Since inception, we have formed 20 investment funds. Of these 20 funds, 15 are currently active and are described below. We have established different types of investment funds to implement our asset monetization strategy. Depending on the nature of the investment fund, cash may be contributed to the investment fund by the investor upfront or in stages based on milestones associated with the design, construction or interconnection status of the solar energy systems. The cash contributed by the fund investor is used by the investment fund to purchase solar energy systems. The investment funds either own or enter into a master lease with a Sunrun subsidiary for the solar energy systems, Customer Agreements and associated incentives. We receive on-going cash distributions from the investment funds representing a portion of the monthly customer payments received. We use the upfront cash as well as on-going distributions to cover our costs associated with purchasing and installing the solar energy systems. In addition, we also use debt, equity and other financing strategies to fund our operations. The allocation of the economic benefits between us and the fund investor and the corresponding accounting treatment varies depending on the structure of the investment fund.

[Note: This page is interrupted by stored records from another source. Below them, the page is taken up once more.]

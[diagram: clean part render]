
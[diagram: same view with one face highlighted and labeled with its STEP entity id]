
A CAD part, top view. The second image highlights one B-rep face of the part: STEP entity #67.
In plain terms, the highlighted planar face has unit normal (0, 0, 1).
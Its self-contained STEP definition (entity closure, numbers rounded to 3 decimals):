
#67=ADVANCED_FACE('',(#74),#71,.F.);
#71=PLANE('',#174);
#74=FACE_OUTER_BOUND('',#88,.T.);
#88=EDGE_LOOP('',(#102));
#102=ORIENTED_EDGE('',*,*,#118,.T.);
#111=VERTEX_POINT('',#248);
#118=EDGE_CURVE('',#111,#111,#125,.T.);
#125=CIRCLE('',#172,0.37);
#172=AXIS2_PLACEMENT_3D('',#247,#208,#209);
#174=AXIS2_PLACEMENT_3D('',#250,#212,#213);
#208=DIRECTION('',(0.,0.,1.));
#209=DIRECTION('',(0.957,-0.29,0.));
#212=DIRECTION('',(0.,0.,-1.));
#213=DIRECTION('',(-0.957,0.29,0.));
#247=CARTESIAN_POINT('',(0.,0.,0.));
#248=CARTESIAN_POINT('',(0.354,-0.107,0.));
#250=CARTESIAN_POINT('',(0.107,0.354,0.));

We currently utilize three legal structures in our investment funds, which we refer to as: (i) lease pass-throughs, (ii) partnership flips and (iii) joint venture (“JV”) inverted leases. We reflect lease pass-through arrangements on our consolidated balance sheet as a lease pass-through financing obligation. We record the investor’s interest in partnership flips or JV inverted leases (which we define collectively as consolidated joint ventures) as noncontrolling interests or redeemable noncontrolling interests. These consolidated joint ventures are usually redeemable at our option and, in certain cases, at the investor’s option. If redemption is at our option or the consolidated joint ventures are not redeemable, we record the investor’s interest as a noncontrolling interest and account for the interest using the hypothetical liquidation at book value (“HLBV”) method. If the investor has the option to put their interest to us, we book the investor’s interest as redeemable noncontrolling interest at the greater of the HLBV and the redemption value. As of June 30, 2015, one JV inverted lease is not redeemable and is accounted for using a pro rata income allocation.
26
For further information regarding our investment funds, including the associated risks, see “Risk Factors—Our ability to provide our solar service offerings to homeowners on an economically viable basis depends in part on our ability to finance these systems with fund investors who seek particular tax and other benefits” and Note 11 to our consolidated financial statements appearing elsewhere in this Quarterly Report on Form 10-Q.
Key Operating Metrics
We regularly review a number of metrics, including the following key operating metrics, to evaluate our business, measure our performance, identify trends affecting our business, formulate financial projections and make strategic decisions. Some of our key operating metrics are estimates that are based on our management’s beliefs and assumptions and on information currently available to management. Although we believe that we have a reasonable basis for each of these estimates, we caution you that these estimates are based on a combination of assumptions that may prove to be inaccurate over time. Such inaccuracies could be material to our actual results when compared to our calculations. Please see the section titled “Risk Factors” in this Quarterly Report on Form 10-Q. Furthermore, other companies may calculate these metrics differently than we do now or in the future, which would reduce their usefulness as a comparative measure.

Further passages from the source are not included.